Командиры поднимали людей на заре, после легкого завтрака приступали к учениям, занимались до самого заката, с небольшими перерывами на обед и отдых. После ужина и вечерней поверки воины отключались без сил, едва ложились на нары, и так проходил каждый день трудной службы, пока не втянулись в нее. Через месяц упорных учений, с одним выходным днем в неделю — чтобы воины могли отвести душу в кругу семьи, сказались первые результаты. Дружина уже могла хотя бы на минимуме необходимого слаженно выстраиваться в линию, перестраиваться и маневрировать, защищаться и переходить в атаку. Да и закрепились первые навыки с мечом и копьем, перешли от простых приемов к более искусным.

После начальной подготовки перешли к отработке предложенной тактики удара клином, а также возможной защиты в окружении противника. Лидером таранной атаки безусловно стал богатырь Градислав, его поддерживали тоже далеко не слабые бойцы. В учебных схватках они без особого труда проламывали линию обороны даже в шесть рядов — такую обычно выстраивали княжеская дружина и стоящее за ней ополчение, хотя доходило и до десяти-двенадцати при большом войске.

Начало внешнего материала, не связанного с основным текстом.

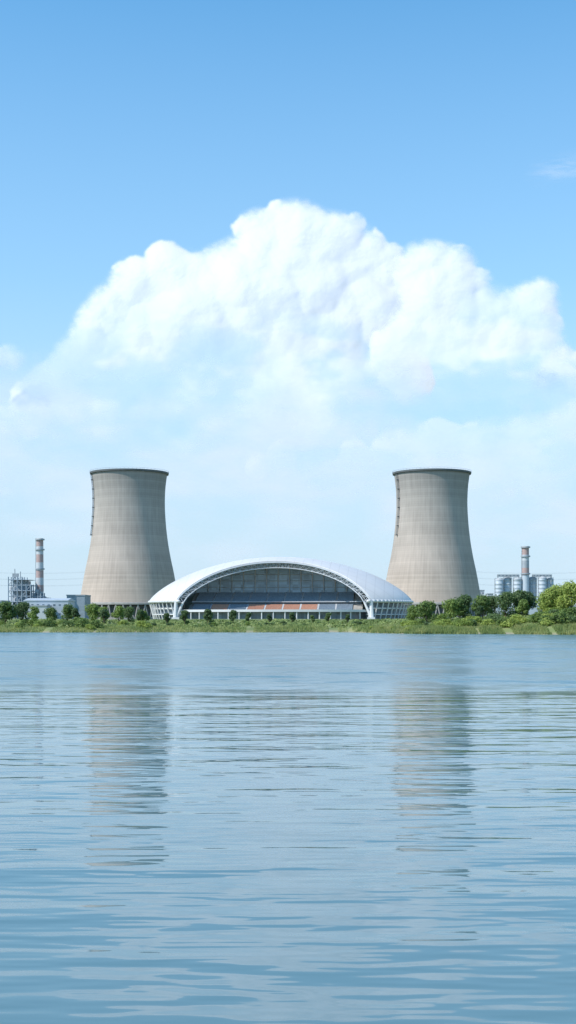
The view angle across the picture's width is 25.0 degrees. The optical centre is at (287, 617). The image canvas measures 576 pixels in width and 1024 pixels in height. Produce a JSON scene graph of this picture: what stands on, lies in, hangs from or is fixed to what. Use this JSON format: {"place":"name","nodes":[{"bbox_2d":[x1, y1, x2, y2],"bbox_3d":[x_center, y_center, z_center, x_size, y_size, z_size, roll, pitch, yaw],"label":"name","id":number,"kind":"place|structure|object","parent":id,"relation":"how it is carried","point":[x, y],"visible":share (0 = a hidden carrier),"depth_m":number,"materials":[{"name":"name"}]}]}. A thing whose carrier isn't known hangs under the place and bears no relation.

Много сложностей вызвало обучение бойцов умению развивать прорыв и сражаться в плотном окружении. Прошла еще не одна неделя неустанных учений, пока Варяжко не посчитал — дружина имеет реальный шанс противостоять княжескому войску.

Тем временем от проезжих гостей и купцов пришли слухи о созыве князем войска. Правда, поводом он назвал поход на землю вятичей, второй год отказывавшихся платить дань Киеву. Но никто из новгородцев не сомневался — Ярополк идет на них. Об этом говорило оживление в стане посадника — затихший на месяц после памятного божьего суда боярин вновь показал свой норов. Нарочито демонстративно проезжал по городу со своей дружиной, шел нахально на отряды новгородского ополчения, стоящие дозором на важных улицах. Те расступались, помня наказ старейшин не ввязываться в прямое столкновение, а потом сопровождали наместника с его войском.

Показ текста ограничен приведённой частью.